At Maxine's suggestion Sif went down to the restaurant, and there she was happy to see ordinary people, including family of patients in other parts of the hospital, and guards and nurses on break, getting dinner.

In a corner of the seating area near the box of plants that was the sole attempt to soften the modernist, bright space, she ate her food, only now getting relaxed enough to realize how tired she was. It was pretty late, though the sun outside was trying to tell her it was daytime. She'd have to find somewhere to sleep.

A commotion at the door attracted her attention, and she looked up in time to see Tony Stark strolling in, casually and expensively dressed, wearing sunglasses with small purple lenses so he looked like a movie star. She saw more than one person turn to stare at him and whisper to their companions, trying to figure out who he was. Tony affected not to notice the attention, looked around, and then came over with his hands in his suit jacket pockets. "Hey, Sif, there you are."

Her tired brain took a moment to catch up. "Tony? Is Pepper with you?"

"Nope, she had some company things to tend to, or she'd be here. She says hi." He plopped into the opposite chair and wriggled on the plastic surface. "Wow, this is the worst chair I've ever sat in. Who decided drunken Asgardians should design furniture?" he asked rhetorically, and she just looked at him, wondering if there was a point somewhere. "I have something for you. When we grabbed your passport, Pepper packed your suitcase, too. She was upset you'd come here with so little. So I have that. Guard's searching it right now, though I told them there was nothing sketchy in it."

She was too tired to deal with his verbiage. "Did you see him?"

The torrent of words stopped, and his face transformed and grew still. "No. Not yet. They said he was asleep, and wouldn't let me in." Then he forced a smile and said, "I'll see him later. But you, I hear," he leaned back regarding her, over the top rim of his small sunglasses, "are quite the hero."

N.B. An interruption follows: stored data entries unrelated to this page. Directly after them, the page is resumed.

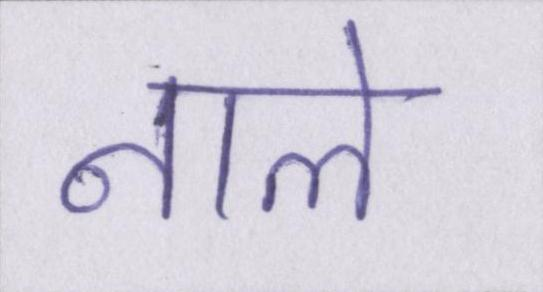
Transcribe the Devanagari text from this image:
नाले
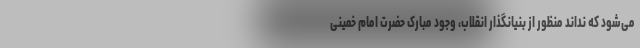
می‌شود که نداند منظور از بنیانگذار انقلاب، وجود مبارک حضرت امام خمینی
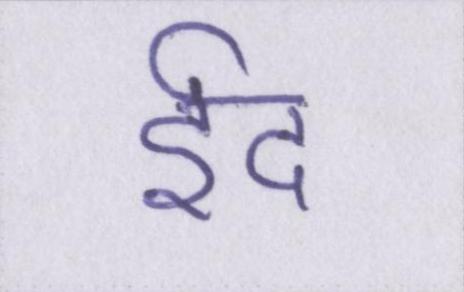
ईद
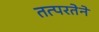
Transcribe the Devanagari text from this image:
तत्‍परतेने

She shook her head. "No. Not really."

"Well, thank you anyway. Here." He took something out of his jacket pocket and slid it across the table to her. She picked it up to discover it was a credit card with her name on it.

"What's this?"

"A gift. In case you need hotel rooms, or a nice dress, or whatever. Spend it however you want."

"Thank you, but no." She tried to pass it back. "I owe you so much already."

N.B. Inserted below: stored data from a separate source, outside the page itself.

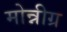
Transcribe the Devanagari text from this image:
मोन्नीग्र
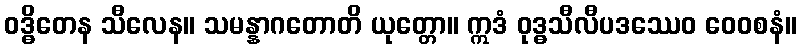
ဝဒ္ဓိတေန သီလေန။ သမန္နာဂတောတိ ယုတ္တော။ ဣဒံ ဝုဒ္ဓသီလီပဒဿေဝ ဝေဝစနံ။
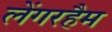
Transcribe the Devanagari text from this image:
लेंगरहैम
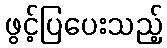
ဖွင့်ပြပေးသည့်
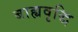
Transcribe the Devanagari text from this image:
बाह्यवृद्धि

"Take it. It's just money. I spent more than that just getting here. I think. Anyway, not the point." He waved a hand dismissively and took off the sunglasses, so he could look her in the eye. "You saved one of my best friends. And I don't have a lot of those. So just think of me as your fairy godmother and take it." He pushed it back across the table.

She had to smile wryly at that. "My fairy godmother, huh? I'll share it with all my mouse friends."

"Hey, you want to spend it on mice, it's yours," he said with a shrug, and no apparent problem with it.

She gave in and took the card, inwardly shaking her head at the foibles of the super rich. Maybe she'd treat herself to one nice thing.

"Oh," Tony snapped his fingers. "I have another gift for you. Well, it was for Loki, but you need it more right now - I made better body armor. Light, flexible, and should stop just about anything."

She didn't have to think about that one. "Give it to him."

"He's not the one going into a war zone," he pointed out. "You can give it to him when you get back. I don't think they'll let him wear body armor in the hospital anyway."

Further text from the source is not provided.